Investigation into city’s waste collection finds “appropriate” safe work conditions

Three months after it launched an investigation, the City of Winnipeg says it’s satisfied that trash collection workers are safe despite an APTN Investigates report that shows numerous examples to the contrary.

“The information gathered through our investigation demonstrates that appropriate safe work procedures and policy are in place,” says a statement from city spokeswoman Lisa Fraser. “We will continue to work with the contractor to ensure that all safety and health requirements are being met in the field.”

An APTN Investigates story showed Indigenous day-labourers hand-bombing large trash bins into waste collection trucks. They’re known as ‘swampers.’ The bins are to be lifted by trucks equipped with mechanical arms.

“Under the current automated cart collection contracts, manual cart tipping is not allowed without the City’s approval,” said a statement from the City.

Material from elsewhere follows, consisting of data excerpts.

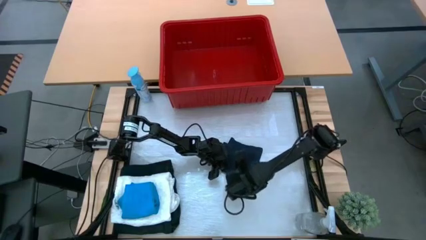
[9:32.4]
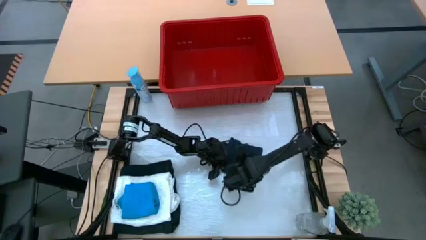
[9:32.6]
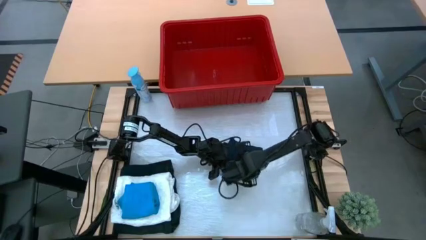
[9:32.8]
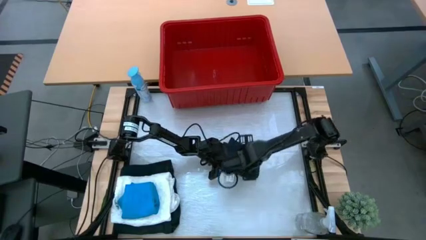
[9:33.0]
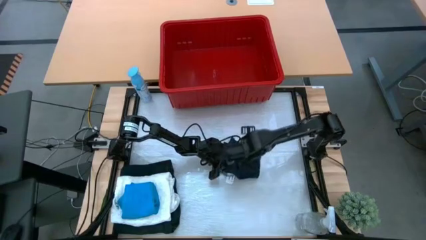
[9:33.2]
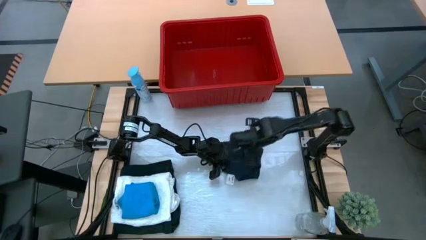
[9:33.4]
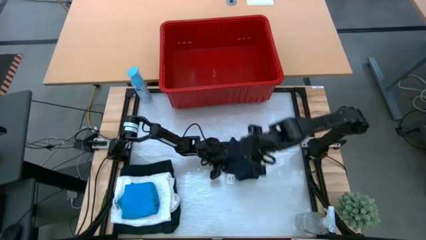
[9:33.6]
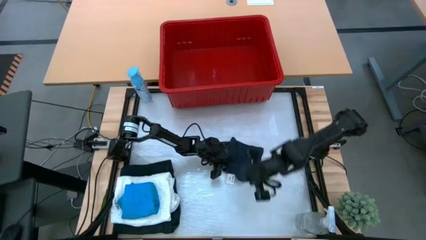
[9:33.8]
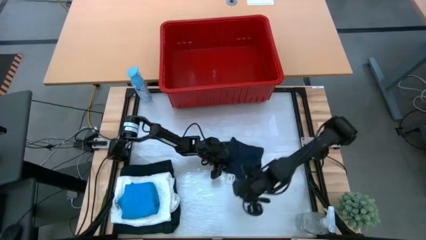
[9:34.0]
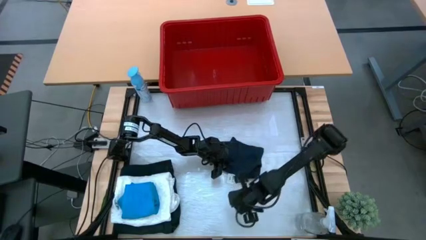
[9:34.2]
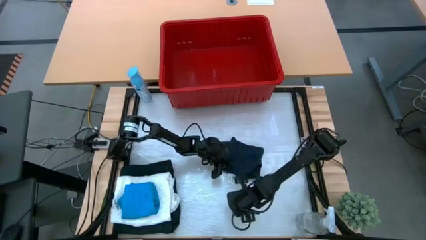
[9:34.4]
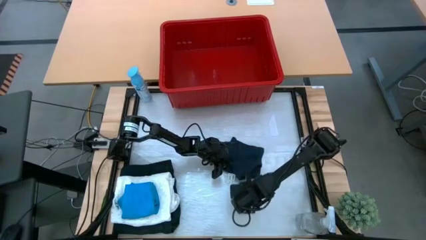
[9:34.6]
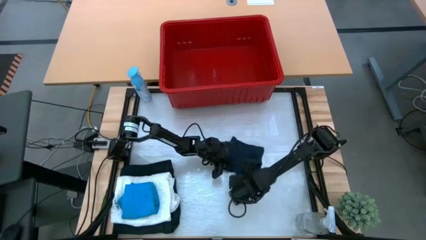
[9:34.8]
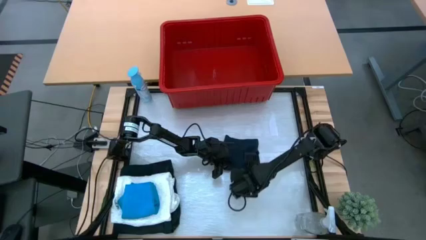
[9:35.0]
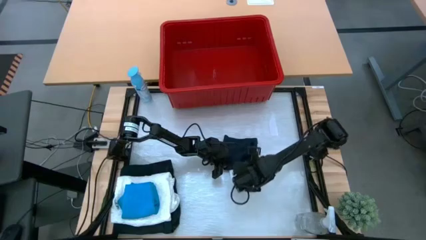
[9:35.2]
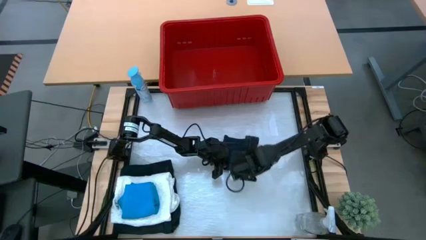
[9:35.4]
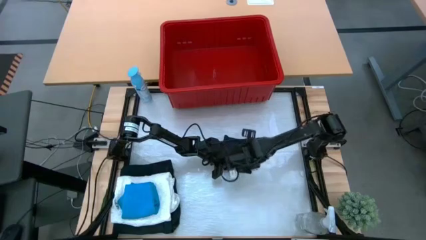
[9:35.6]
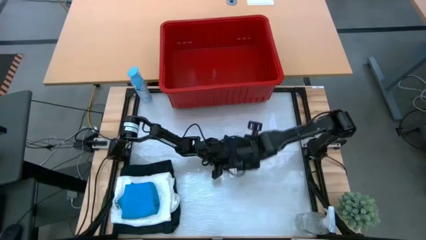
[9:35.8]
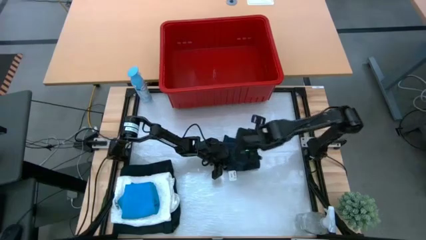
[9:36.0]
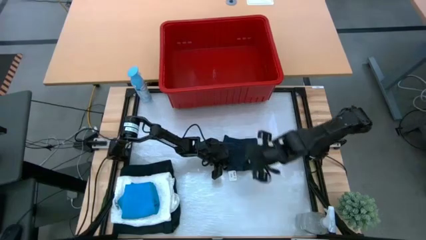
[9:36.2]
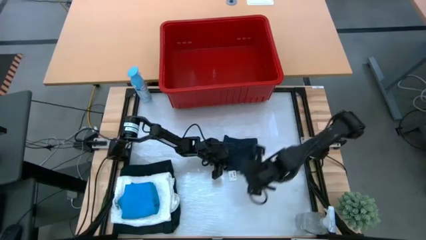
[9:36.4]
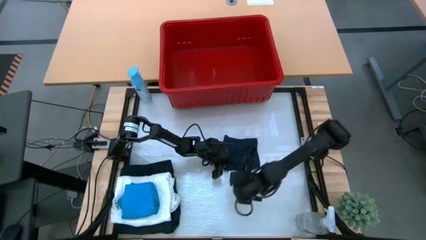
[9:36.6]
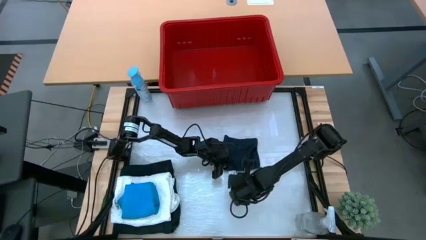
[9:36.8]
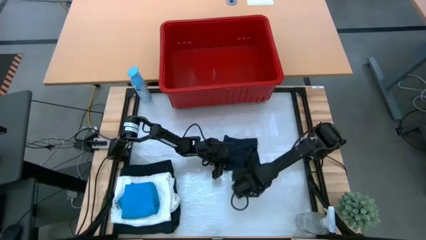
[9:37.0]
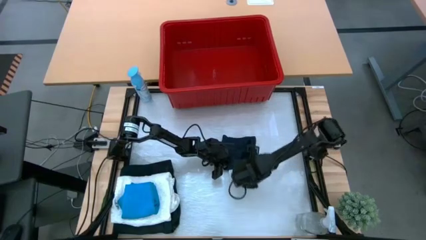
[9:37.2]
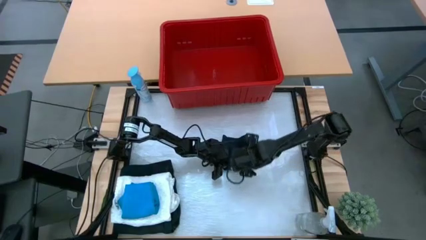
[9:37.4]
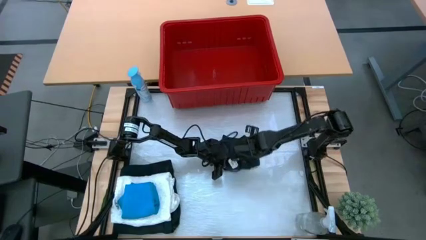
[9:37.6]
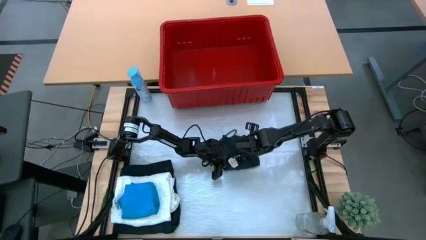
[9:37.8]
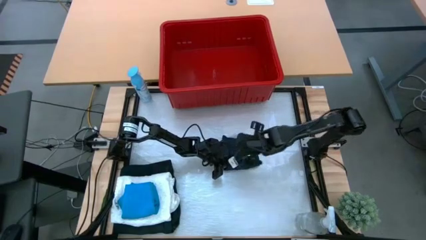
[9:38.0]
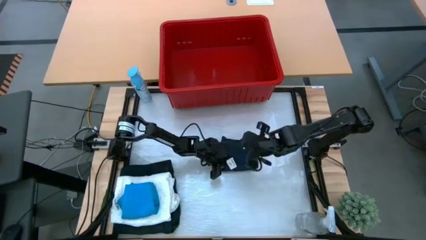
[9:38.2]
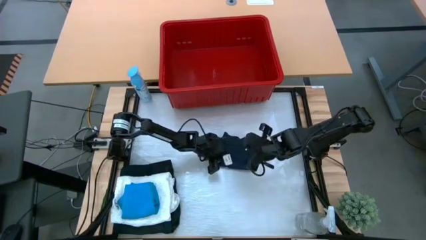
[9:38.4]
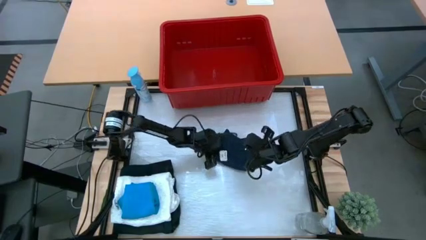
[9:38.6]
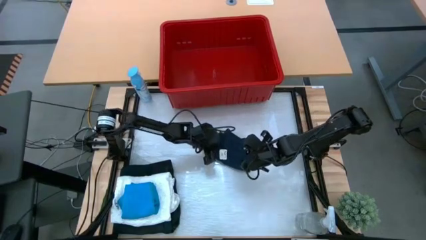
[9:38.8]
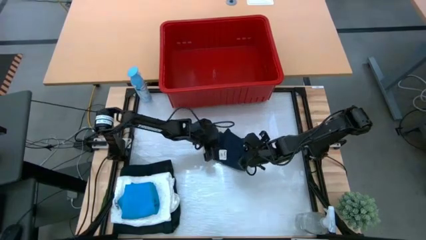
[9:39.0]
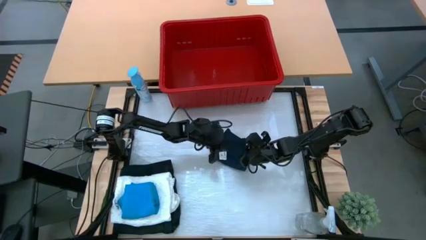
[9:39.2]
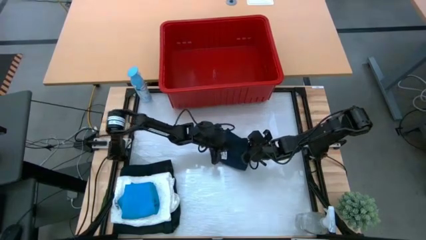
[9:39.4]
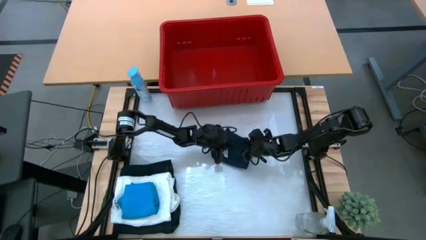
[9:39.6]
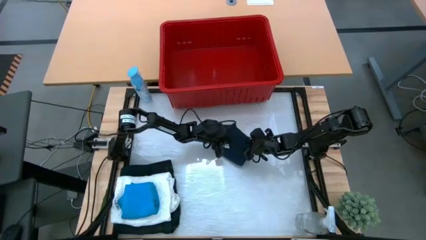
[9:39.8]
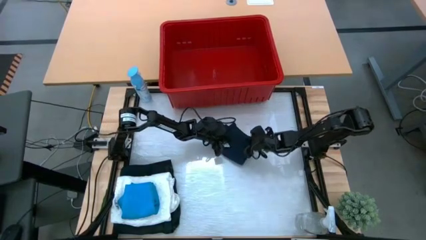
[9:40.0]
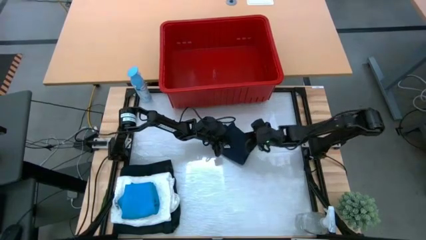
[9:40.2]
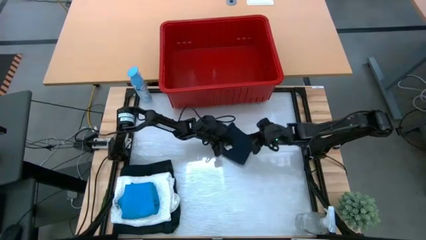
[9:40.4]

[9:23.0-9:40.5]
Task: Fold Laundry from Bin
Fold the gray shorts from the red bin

According to Manitoba Workplace Safety and Health, since 2013 there have been five “serious incidents” involving garbage and recycling workers. In addition, there have been 19 safety complaints from workers and citizens.

The department wouldn’t elaborate on the serious incidents.

APTN found one swamper who had been knocked down by a van and run over by the garbage truck he was working on. He suffered pelvic and foot injuries.

In the past two years, the province has issued 12 stop work orders and 58 improvement orders to the city’s waste collection contractor, Emterra Environmental, for safety concerns. One stop work order was issued to EZ Workforce, the day-labour agency where truck drivers pickup swampers as needed.

In the past three years there have been 118 injuries reported to the Workers Compensation Board.

“As soon as you raised this issue with my office I asked that the CAO to initiate an investigation so we can get to the bottom of it,” Winnipeg Mayor Brian Bowman said when the story initially aired in October 2015.

Fraser said city officials have met with Emterra “to review their obligations under their contract” and “requested that the contractor conduct a full investigation and provide a response regarding the concerns raised related to personal protective equipment, service standards, collection methods, employee training requirements and health and safety.”

Both the city and Manitoba safe-work authorities have reportedly stepped-up spontaneous field inspections.

In 2012, the City of Winnipeg hired a private company to do waste collection to save taxpayers up to $4.5 million a year. APTN Investigates discovered the company doing the job uses temporary day labourers, many of whom are indigenous men with criminal records and were filmed lifting and tossing the garbage and recycling bins over the course of a four-month investigation.